PROVIDED RECORDS.
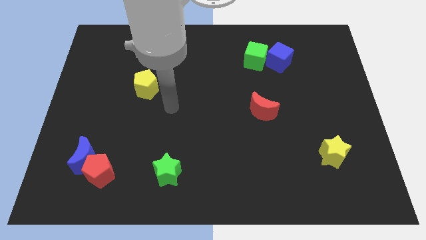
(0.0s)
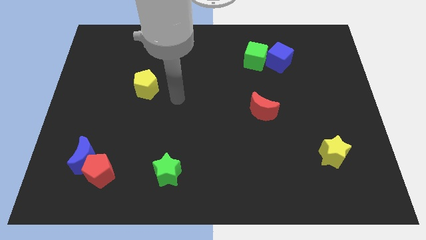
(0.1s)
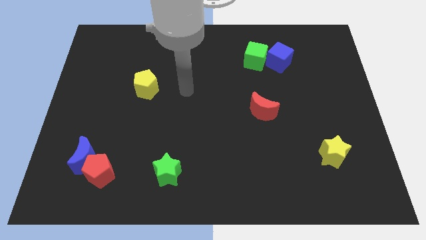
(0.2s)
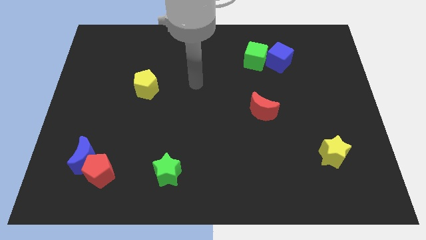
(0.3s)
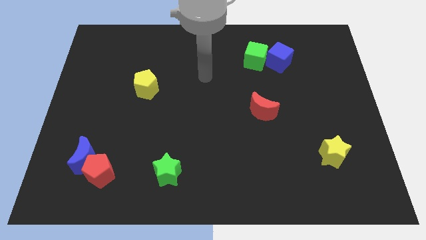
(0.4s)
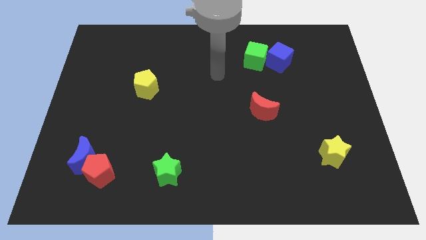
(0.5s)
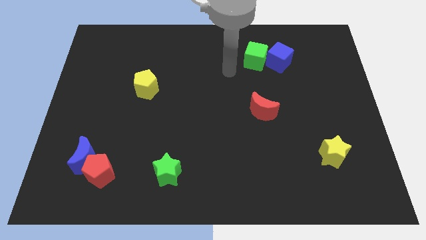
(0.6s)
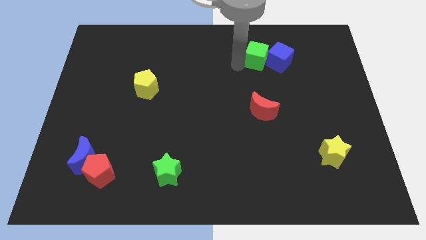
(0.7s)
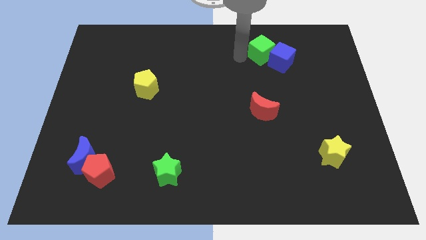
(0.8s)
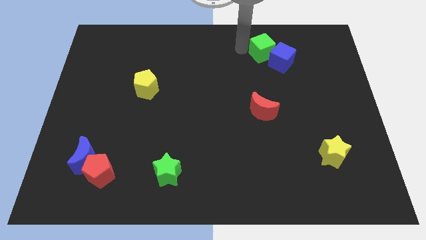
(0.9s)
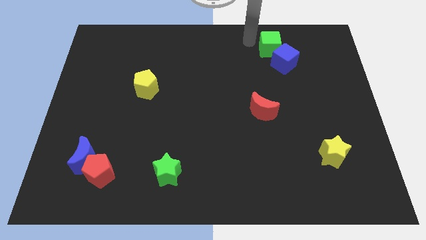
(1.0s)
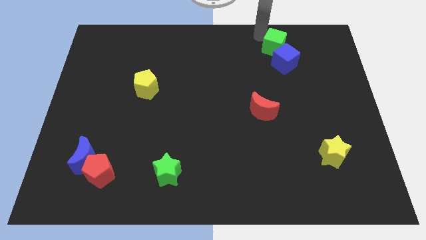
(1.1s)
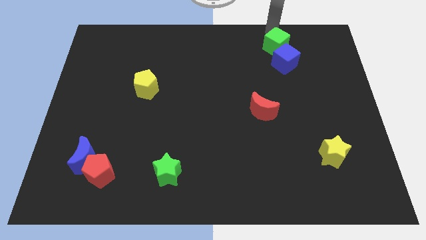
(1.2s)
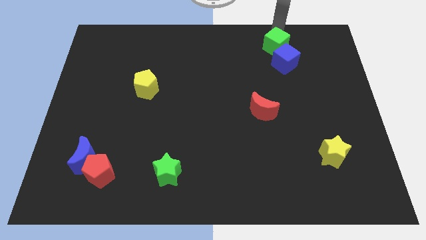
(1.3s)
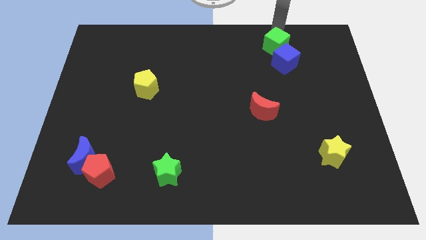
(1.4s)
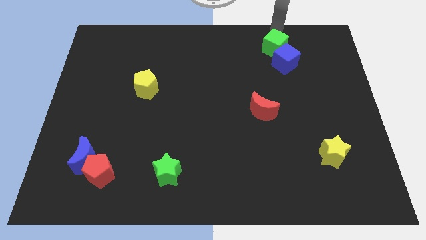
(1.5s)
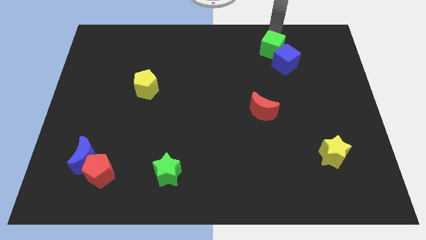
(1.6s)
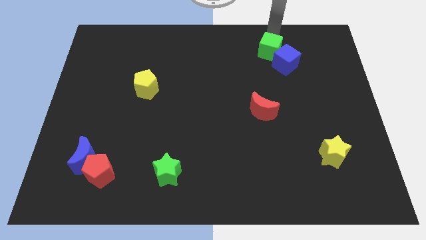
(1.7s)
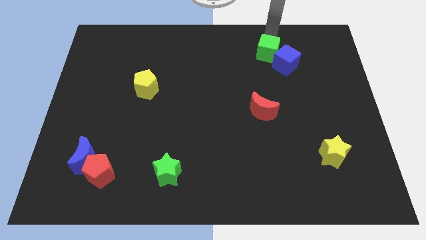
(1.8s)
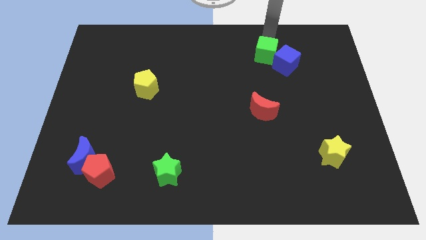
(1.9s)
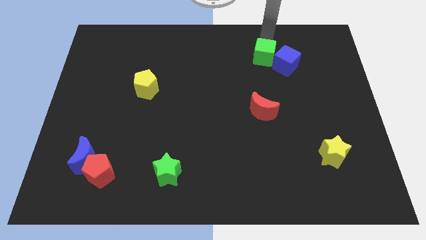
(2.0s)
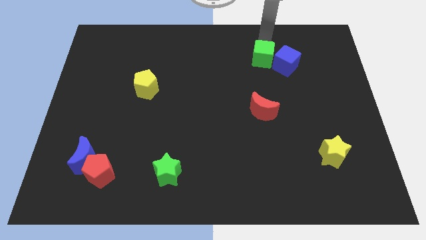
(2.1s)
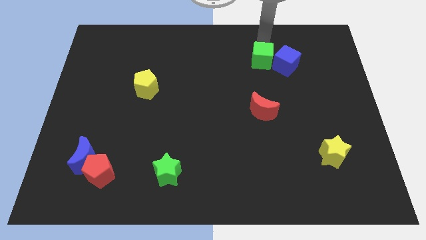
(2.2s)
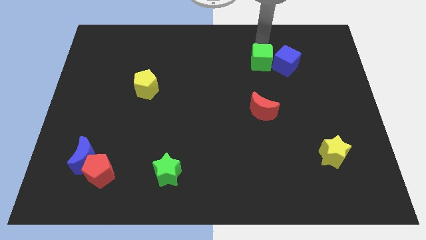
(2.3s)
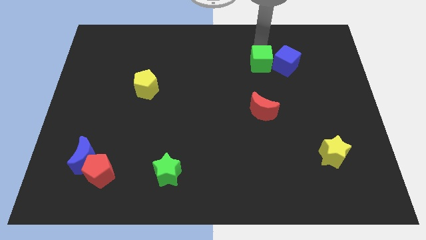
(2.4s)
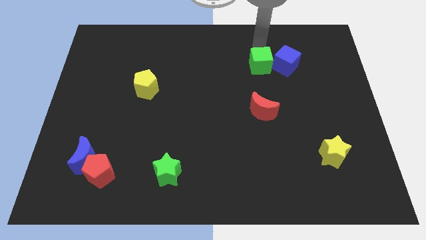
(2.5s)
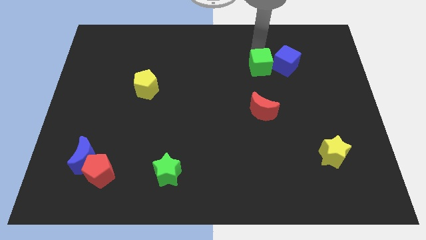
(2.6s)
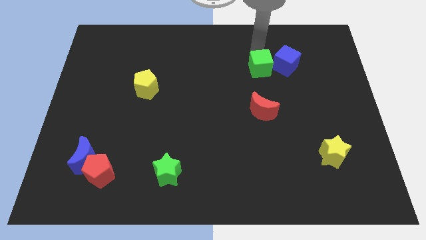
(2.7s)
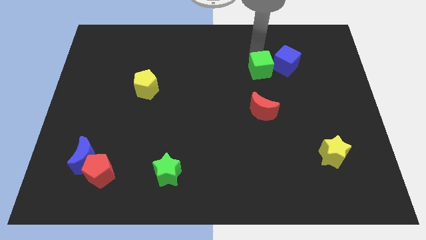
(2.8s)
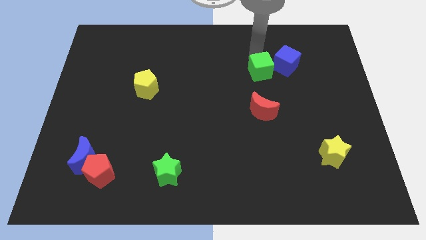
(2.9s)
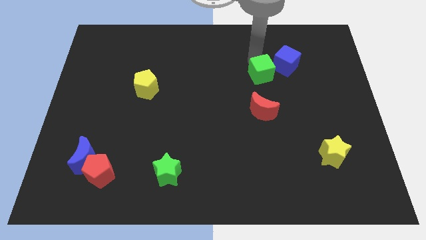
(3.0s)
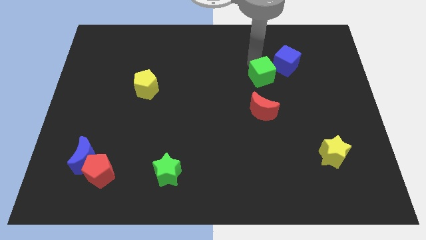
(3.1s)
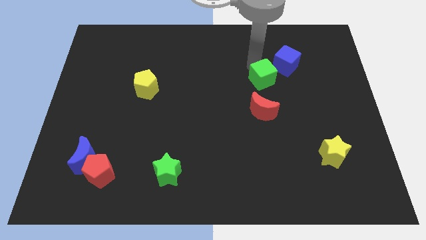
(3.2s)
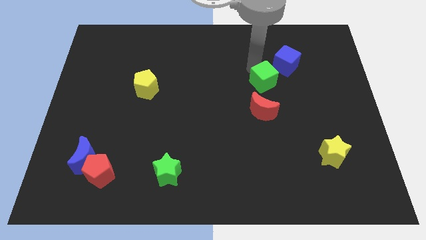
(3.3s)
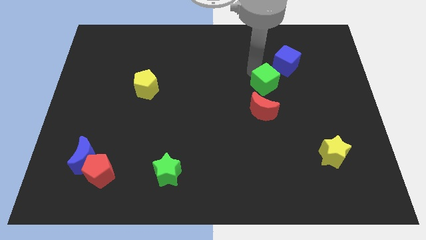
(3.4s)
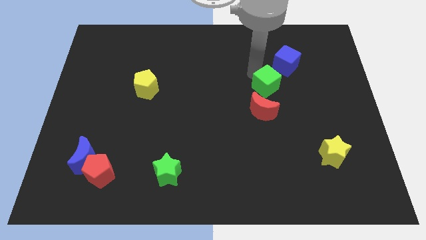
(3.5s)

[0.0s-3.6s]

WORK ORDER.
Copy out every entry above, character for character, excluding pictures.

YOUR RESPONSE.
(0.0s)
(0.1s)
(0.2s)
(0.3s)
(0.4s)
(0.5s)
(0.6s)
(0.7s)
(0.8s)
(0.9s)
(1.0s)
(1.1s)
(1.2s)
(1.3s)
(1.4s)
(1.5s)
(1.6s)
(1.7s)
(1.8s)
(1.9s)
(2.0s)
(2.1s)
(2.2s)
(2.3s)
(2.4s)
(2.5s)
(2.6s)
(2.7s)
(2.8s)
(2.9s)
(3.0s)
(3.1s)
(3.2s)
(3.3s)
(3.4s)
(3.5s)

[0.0s-3.6s]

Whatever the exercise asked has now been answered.